The golden eagle, dark brown against deep blue of late spring sky,
Hovered, wings adjusting to wind currents.
In the cool canyon, beneath the ancient cottonwood tree
With its streaked white trunk,
Beside the stream shrinking from spring’s fullness,
We sat next to our picnic blanket.
The eagle dipped, then soared into a great arc
Toward, then over, sandstone canyon walls
Where years of rain had flowed over the canyon rim
And stained rock as it fell to where it fed the stream below.
That day was not our beginning.
Our beginning was in letters chained from Wisconsin to Colorado
As never-met poets began to explore what might come to be.

Where my poetry raged with fumbling working toward form,
Your poetry burned on the page,
Words boiled into images.
But in Unaweep Canyon on a day that seemed like it should last forever
We talked and began weaving invisible bonds
That show no signs of weakening
As we leave middle age and become elders
Visited by the pains of age and wear of time.
The moments of our lives together tremble,
Like the golden eagle’s wings:

Days spent learning the intensity of each other
As we walked Orchard Mesa’s huddled foothills,
The moon rising so deep an orange it was almost red,
Growing larger and larger
As it labored over the Prussian blue rim of Grand Mesa;
Tears coming to your eyes when you singed
The wedding dress you worked weeks to make
On the night before our wedding;
The long drive to Washington State’s Anacortes Island,
Possessions piled on top of an old car,
As we searched for life–
And then the even longer drive to Wisconsin
As we traveled over mountains,
Through orchards and fields of crops, deep into forests, across plains
Until we came, at last, to Lake Superior shining sunlight.
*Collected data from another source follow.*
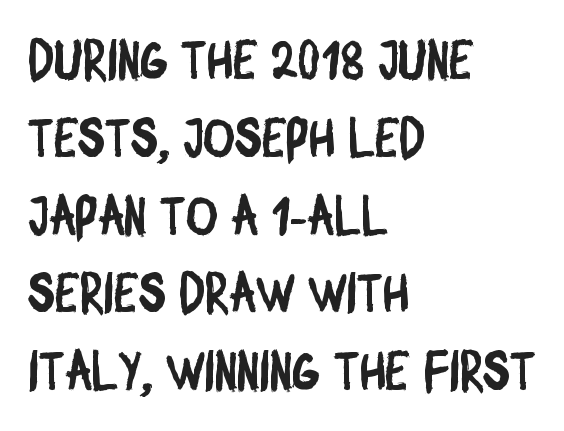
Left-aligned paragraph, ragged on the right. The designer went with a sans here, leaving each stem footless. Interline gaps are of average width in this sample. Any mark beneath the type? The region is blank. Looks like regular typesetting: each glyph gets only the width it needs. Is the letter spacing exaggerated? No — it looks like the ordinary default.
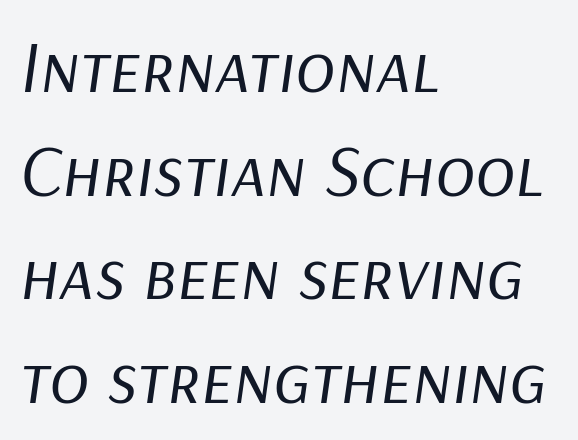
Q: Is the text bold? A: No.
Q: Is the text italic (slanted)? A: Yes, it leans right by about 9 degrees.
Q: Is the text underlined? A: No.
Q: How is the paragraph aligned? A: Left-aligned.
Q: Is the spacing between letters normal or unusually wide? A: Normal.
Q: Is the spacing between lines tight, normal or loose? A: Normal.
Q: Width (condensed, normal, or wide)? A: Normal.
Q: Stroke contrast? A: Low.
Q: x-height? A: Medium.
Q: Monospaced? A: No.

Then the birth of Sonja, Mary, and Kevin.
Tense waiting at hospitals
Until finally the joy of new life explodes;
The loneliness of a hospital room at night
While Mary struggles for breath inside a clear plastic bubble
As doctors fight an illness that seems to last forever;
The day when Kevin convulses
As doctors and nurses rush into his room
And force us into the hallway scared at not understanding.
Days spent walking to Lake Winnebago
Dragging a red wagon behind us
With Sonja talking ceaselessly while one,
Then the other, carries Mary in our arms.
The years of school and the search for a teaching job
Until, at last, we end up in a small Midwestern town
Working in an alternative school on the Menominee Reservation.

Life fills up with the details of living,
Moments of emotion:
Joy, anger, frustration, desperation, hope, sadness, grief, laughter,
A flowing that stretches into a landscape of bends and rocks and hills.
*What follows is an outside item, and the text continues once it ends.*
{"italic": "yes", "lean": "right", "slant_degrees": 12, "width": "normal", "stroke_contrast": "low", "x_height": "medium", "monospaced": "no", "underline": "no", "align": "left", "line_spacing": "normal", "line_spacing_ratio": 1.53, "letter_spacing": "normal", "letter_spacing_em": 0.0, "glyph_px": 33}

When we moved to Wisconsin Dells into the Gold Mine House
With its basement field stone floor and huge fireplaces,
Bald eagles sat with white heads and brown backs and breasts
Nearly every morning during winter and spring
In trees along the Wisconsin River,
Snow falling as one or another took wing off its pine perch
And soared into cold to look for open water.

A poem, or a hundred poems, cannot give life to either life or love.
Marriage begins, and time passes;
Children are born, and time passes;
Jobs are won or lost, and time passes;
Daughters and a son run through a million minutes
Of motion and meaning, and time passes;
Grandchildren are born and become blessings, and time passes…

Our lives spark against each other,
Spiraling out like skiers I remember one night in Aspen, Colorado
Who came down black mountains slopes
Carrying torches that glided and wove,
Suspended high above where I was standing, in the night sky.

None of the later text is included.